India has the fifth largest area under coarse grains after the us , China, Brazil and the Russian federation, according to 'Coarse cereals: changing scenario and research and development strategies', a paper prepared by a group of reputed scientists led by B S Dhillon, former assistant director general (foodgrain and fodder crops), Indian Council of Agricultural Research. In the 1996-1998 biennium, coarse grains were grown in 31.6 million hectares (mha) in the country, and production was 32.7 million tonnes. This was 17 per cent of the total foodgrain production. Moreover, the trend in growth rate is against coarse grains. Satheesh points out that for every further increase of 100 tonnes in India's foodgrain production, rice and wheat make up for 91 tonnes, coarse cereals for 5.5 tonnes, and pulses chip in with 3.5 tonnes. The cropped area, total production and per hectare yield of coarse grains increased gradually during the 1950s and 1960s, peaked in 1966-71, and declined thereafter (see graph: Coarse cereals: losing ground ) .

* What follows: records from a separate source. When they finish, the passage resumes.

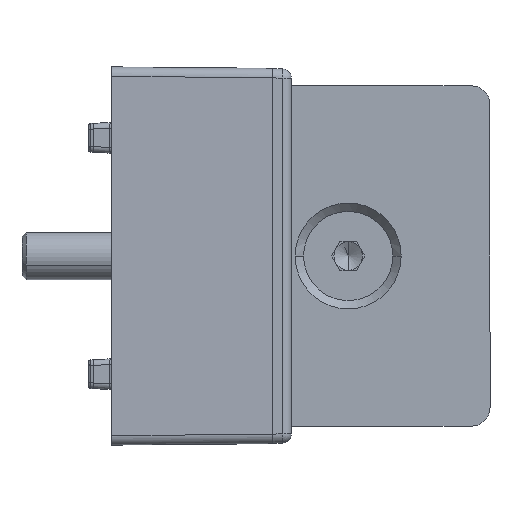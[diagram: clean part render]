
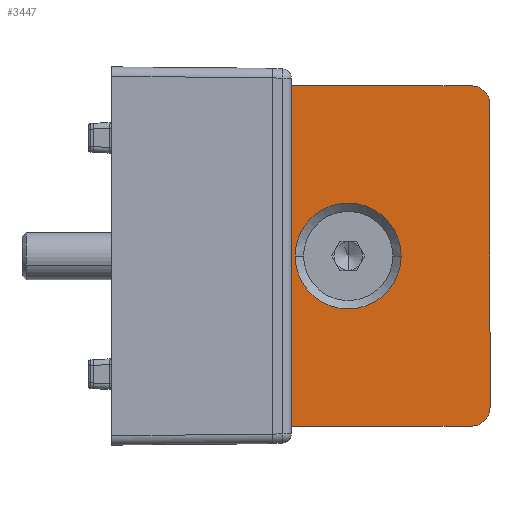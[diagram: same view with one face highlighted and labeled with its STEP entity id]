
A CAD part, front view. The second image highlights one B-rep face of the part: STEP entity #3447.
In plain terms, the highlighted face is planar.
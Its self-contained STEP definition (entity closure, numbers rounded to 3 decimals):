
#35 = AXIS2_PLACEMENT_3D ( 'NONE', #34149, #17878, #1591 ) ;
#236 = CARTESIAN_POINT ( 'NONE',  ( 15., -16., 2.5 ) ) ;
#333 = AXIS2_PLACEMENT_3D ( 'NONE', #999, #20025, #3740 ) ;
#380 = CARTESIAN_POINT ( 'NONE',  ( 15., 18., 2.5 ) ) ;
#525 = CARTESIAN_POINT ( 'NONE',  ( 13., 18., 2.5 ) ) ;
#879 = DIRECTION ( 'NONE',  ( 1., 0., 0. ) ) ;
#999 = CARTESIAN_POINT ( 'NONE',  ( 13., 16., 2.5 ) ) ;
#1120 = CARTESIAN_POINT ( 'NONE',  ( -15., -16., 2.5 ) ) ;
#1291 = EDGE_CURVE ( 'NONE', #22243, #14310, #4098, .T. ) ;
#1590 = EDGE_CURVE ( 'NONE', #1840, #21886, #24517, .T. ) ;
#1591 = DIRECTION ( 'NONE',  ( 1., 0., 0. ) ) ;
#1840 = VERTEX_POINT ( 'NONE', #1120 ) ;
#2284 = EDGE_CURVE ( 'NONE', #23803, #20483, #7078, .T. ) ;
#2468 = ORIENTED_EDGE ( 'NONE', *, *, #34332, .T. ) ;
#3070 = CARTESIAN_POINT ( 'NONE',  ( -15., -18., 2.5 ) ) ;
#3122 = CARTESIAN_POINT ( 'NONE',  ( -13., -16., 2.5 ) ) ;
#3134 = DIRECTION ( 'NONE',  ( 0., 1., 0. ) ) ;
#3447 = ADVANCED_FACE ( 'NONE', ( #24877, #33782 ), #13679, .T. ) ;
#3703 = ORIENTED_EDGE ( 'NONE', *, *, #3847, .T. ) ;
#3740 = DIRECTION ( 'NONE',  ( 1., 0., 0. ) ) ;
#3847 = EDGE_CURVE ( 'NONE', #24007, #7634, #24447, .T. ) ;
#3950 = CARTESIAN_POINT ( 'NONE',  ( -13., 18., 2.5 ) ) ;
#4098 = CIRCLE ( 'NONE', #35, 2. ) ;
#4330 = AXIS2_PLACEMENT_3D ( 'NONE', #19146, #8342, #27367 ) ;
#4408 = DIRECTION ( 'NONE',  ( 0., 0., -1. ) ) ;
#4854 = AXIS2_PLACEMENT_3D ( 'NONE', #3122, #22163, #5864 ) ;
#4905 = VERTEX_POINT ( 'NONE', #32194 ) ;
#5541 = ORIENTED_EDGE ( 'NONE', *, *, #14955, .T. ) ;
#5715 = EDGE_LOOP ( 'NONE', ( #34899, #22528, #24674, #5907, #25658, #2468, #7340, #17471 ) ) ;
#5864 = DIRECTION ( 'NONE',  ( 1., 0., 0. ) ) ;
#5907 = ORIENTED_EDGE ( 'NONE', *, *, #1291, .T. ) ;
#6001 = LINE ( 'NONE', #3070, #19605 ) ;
#7078 = CIRCLE ( 'NONE', #16123, 2. ) ;
#7340 = ORIENTED_EDGE ( 'NONE', *, *, #18314, .T. ) ;
#7634 = VERTEX_POINT ( 'NONE', #29890 ) ;
#8203 = CARTESIAN_POINT ( 'NONE',  ( -5.6, 0., 2.5 ) ) ;
#8342 = DIRECTION ( 'NONE',  ( 0., 0., 1. ) ) ;
#9074 = CARTESIAN_POINT ( 'NONE',  ( -13., 16., 2.5 ) ) ;
#10813 = CIRCLE ( 'NONE', #13269, 5.6 ) ;
#11790 = DIRECTION ( 'NONE',  ( 1., 0., 0. ) ) ;
#11799 = VECTOR ( 'NONE', #29752, 1000. ) ;
#12296 = EDGE_CURVE ( 'NONE', #14310, #4905, #14314, .T. ) ;
#12341 = CARTESIAN_POINT ( 'NONE',  ( 13., -18., 2.5 ) ) ;
#13269 = AXIS2_PLACEMENT_3D ( 'NONE', #33433, #17165, #879 ) ;
#13679 = PLANE ( 'NONE',  #4330 ) ;
#14152 = EDGE_CURVE ( 'NONE', #20483, #1840, #27843, .T. ) ;
#14310 = VERTEX_POINT ( 'NONE', #236 ) ;
#14314 = LINE ( 'NONE', #380, #34286 ) ;
#14955 = EDGE_CURVE ( 'NONE', #7634, #24007, #10813, .T. ) ;
#15681 = CARTESIAN_POINT ( 'NONE',  ( -13., -18., 2.5 ) ) ;
#15687 = CARTESIAN_POINT ( 'NONE',  ( -15., 18., 2.5 ) ) ;
#16123 = AXIS2_PLACEMENT_3D ( 'NONE', #9074, #28079, #11790 ) ;
#17165 = DIRECTION ( 'NONE',  ( 0., 0., -1. ) ) ;
#17471 = ORIENTED_EDGE ( 'NONE', *, *, #2284, .T. ) ;
#17878 = DIRECTION ( 'NONE',  ( 0., 0., 1. ) ) ;
#18314 = EDGE_CURVE ( 'NONE', #20774, #23803, #26244, .T. ) ;
#18336 = CARTESIAN_POINT ( 'NONE',  ( -15., 18., 2.5 ) ) ;
#18440 = DIRECTION ( 'NONE',  ( 0., -1., 0. ) ) ;
#19146 = CARTESIAN_POINT ( 'NONE',  ( 0., 0., 2.5 ) ) ;
#19373 = DIRECTION ( 'NONE',  ( 1., 0., 0. ) ) ;
#19605 = VECTOR ( 'NONE', #19373, 1000. ) ;
#20025 = DIRECTION ( 'NONE',  ( 0., 0., 1. ) ) ;
#20061 = AXIS2_PLACEMENT_3D ( 'NONE', #20707, #4408, #23439 ) ;
#20483 = VERTEX_POINT ( 'NONE', #31816 ) ;
#20618 = VECTOR ( 'NONE', #18440, 1000. ) ;
#20707 = CARTESIAN_POINT ( 'NONE',  ( 0., 0., 2.5 ) ) ;
#20774 = VERTEX_POINT ( 'NONE', #525 ) ;
#21886 = VERTEX_POINT ( 'NONE', #15681 ) ;
#22163 = DIRECTION ( 'NONE',  ( 0., 0., 1. ) ) ;
#22243 = VERTEX_POINT ( 'NONE', #12341 ) ;
#22528 = ORIENTED_EDGE ( 'NONE', *, *, #1590, .T. ) ;
#23439 = DIRECTION ( 'NONE',  ( 1., 0., 0. ) ) ;
#23803 = VERTEX_POINT ( 'NONE', #3950 ) ;
#24007 = VERTEX_POINT ( 'NONE', #8203 ) ;
#24447 = CIRCLE ( 'NONE', #20061, 5.6 ) ;
#24517 = CIRCLE ( 'NONE', #4854, 2. ) ;
#24674 = ORIENTED_EDGE ( 'NONE', *, *, #29598, .T. ) ;
#24877 = FACE_BOUND ( 'NONE', #27633, .T. ) ;
#25658 = ORIENTED_EDGE ( 'NONE', *, *, #12296, .T. ) ;
#26244 = LINE ( 'NONE', #18336, #11799 ) ;
#27367 = DIRECTION ( 'NONE',  ( 1., 0., 0. ) ) ;
#27633 = EDGE_LOOP ( 'NONE', ( #5541, #3703 ) ) ;
#27843 = LINE ( 'NONE', #15687, #20618 ) ;
#28079 = DIRECTION ( 'NONE',  ( 0., 0., 1. ) ) ;
#29598 = EDGE_CURVE ( 'NONE', #21886, #22243, #6001, .T. ) ;
#29752 = DIRECTION ( 'NONE',  ( -1., 0., 0. ) ) ;
#29890 = CARTESIAN_POINT ( 'NONE',  ( 5.6, 0., 2.5 ) ) ;
#31756 = CIRCLE ( 'NONE', #333, 2. ) ;
#31816 = CARTESIAN_POINT ( 'NONE',  ( -15., 16., 2.5 ) ) ;
#32194 = CARTESIAN_POINT ( 'NONE',  ( 15., 16., 2.5 ) ) ;
#33433 = CARTESIAN_POINT ( 'NONE',  ( 0., 0., 2.5 ) ) ;
#33782 = FACE_OUTER_BOUND ( 'NONE', #5715, .T. ) ;
#34149 = CARTESIAN_POINT ( 'NONE',  ( 13., -16., 2.5 ) ) ;
#34286 = VECTOR ( 'NONE', #3134, 1000. ) ;
#34332 = EDGE_CURVE ( 'NONE', #4905, #20774, #31756, .T. ) ;
#34899 = ORIENTED_EDGE ( 'NONE', *, *, #14152, .T. ) ;

"The income and consumption pattern of the poor is changing," says J G Ryan, former director of the International Crops Research Institute for Semi-Arid Tropics ( icrisat ) in Patancheru, Andhra Pradesh. "For instance, in India, shares of sorghum and millets in the budgets of the poor had fallen by 68 per cent in rural areas and by 51 per cent in urban areas between the early 1970s and early 1990s. The shift was away from coarse grains to wheat, paddy and oilseeds." A drop of 50 per cent in the cultivated area of sorghum, little millet and finger millet has come about just in the past decade. It was in the 1980s that the pds became a 'welfare instrument' to provide essential items at nearly half the market price, point out Laveesh Bhandari and Amaraesh Dubey of the Rajiv Gandhi Institute for Contemporary Studies, New Delhi.
Slow productivity growth and low prices have reduced the competitiveness of coarse cereals in the market, resulting in crop substitution. Successive governments have allowed the area under coarse grains to shrink through the agricultural financing policies. Neither crop loans nor crop insurance are available for these crops. These can't benefit from government subsidies on inputs. Second, the promised minimum support price of coarse grains was more often than not denied to farmers due to government non-intervention. Third, government doesn't come to the rescue of the coarse grain farmer when the crop is badly damaged by unfavourable weather or when there is a glut in production, while crops like rice, wheat, cotton and tobacco are provided this protection.